Industry heavyweights from the nbn, One Green Bean, The Monkeys, Edelman and more join CommsCon speaker lineup
The nbn’s reputation challenges, PR’s identity crisis, fostering true cross-agency collaboration, what millennial industry professionals actually want, and a debate on whether the PR industry is really set up to be truly creative are some of the latest topics confirmed for Mumbrella’s CommsCon conference 2018.
Chief corporate affairs officer for the nbn, Karina Keisler, will take the stage to discuss how negative word-of-mouth, industry finger-pointing and an ongoing political rhetoric have all become synonymous with the project. She’ll explain why nbn has made reputation an organisation-wide KPI, and her lessons in trying to cut through the political noise by taking a transparent and audience-led communications strategy.
The nbn is currently one of the biggest talking points in Australia. Its reputation has gone through extremely challenging times, including emerging groups who are actively pushing fake news about the technology and rollout. It presents a significant challenge to the internal communications team which faces years more work on the rollout story.
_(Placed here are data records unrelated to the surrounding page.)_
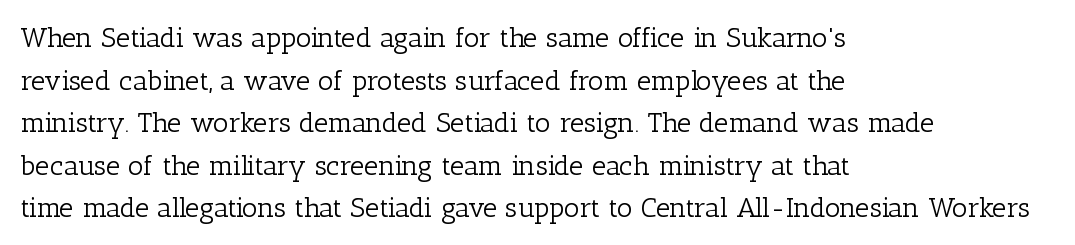
The image shows 28 px light serif type, upright; set left-aligned, normal line spacing (1.52x), normal letter spacing, not underlined; low stroke contrast and a medium x-height.
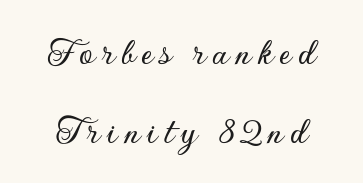
The image shows 40 px sans-serif type; set loose line spacing (1.98x), not underlined; low stroke contrast and a small x-height.
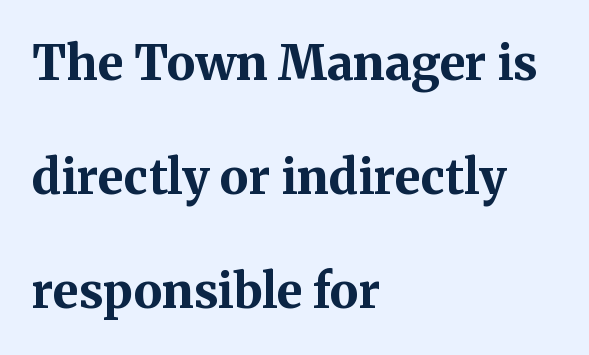
The image shows 48 px bold serif type, upright; set left-aligned, loose line spacing (2.38x), normal letter spacing, not underlined; medium stroke contrast and a medium x-height.
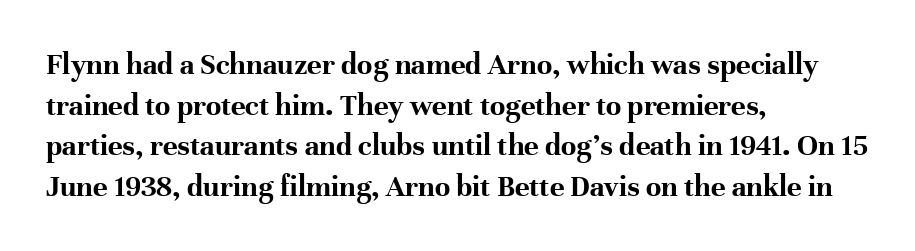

Mumbrella’s CommsCon will be held at The Four Seasons in Sydney on March 22. Tickets are available here.
Also joining the lineup are Mark Green, co-founder of The Monkeys, and Carl Ratcliff, CEO of One Green Bean, who will take the stage together to present on cross-agency collaboration.
It’s been a massive year for both agencies, with Accenture purchasing The Monkeys and One Green Bean’s ownerships being solidified under Havas, while the pair have continued to rack up numerous industry awards. Despite working under different global companies with different priorities, The Monkeys and One Green Bean continually collaborate on client work.
Green and Ratcliff will explain how advertising and PR agencies can work together constructively and create ideas that transcend both advertising and PR spaces and create culture and conversation.
The PR and communications industry is currently in a state of flux, exploring significant new revenue opportunities and business models. This means PR is working closer than ever with a range of other agencies on a client’s roster. But the challenge is now one of remit and obtaining a seat at the decision table.
New revenue streams and exploration of business models also creates confusion in what PR actually does. So, is the PR and communications industry currently having a severe identity crisis?
Senior executives including HCF’s head of public relations, Sarah Kelly, and Herd MSL’s agency lead of Fuel Communications, Stuart Wragg, will join a panel discussing whether the addition of media buying, social strategies, creative opportunities and other areas is creating an identity crisis for the industry, and if so, what the ramifications are on areas including billing, hiring and future growth.
In addition, Mumbrella will host a panel on Millennials, by Millennials. For far too long senior executives have been hypothesising over what Millennials want, why there is a significant issue in churn and what motivates them to make the decisions they do. In this panel, the Millennials themselves will take the stage.
The panel will be moderated by highly respected industry leader, Lynnette Edmonds, HR director at Edelman, and include a group of PR and communications professionals with three or fewer years of experience. Sling & Stone’s account manager, Tahlia Davies, is the first to be confirmed.
In another session , the strength of creativity in PR and communications will be debated. PR has always been generally creative, but this year has seen a number of executive creative director or creative director hires in the industry – are they the real deal or is the PR creative director a nice title with not enough opportunity?
Arguing that PR is in the perfect position to really push creative thinking and add true creative departments to its business are Edelman’s creative director Jamil Bhatti and Ogilvy PR’s creative director, Bridget Jung. They will be challenged by Poem’s co-founder, Matt Holmes and a soon-to-be-announced senior executive.
As discussion still rages around ROI and accountability for PR and communications, Weber Shandwick managing director for Australia, Ava Lawler, will present a session on how content and social media can directly drive revenue. She’ll describe the intricacies of creating content for social media, how brands are opening up important opportunities for consumers to interact directly with them and how this all creates the possibility for consumers to purchase based on the power of content.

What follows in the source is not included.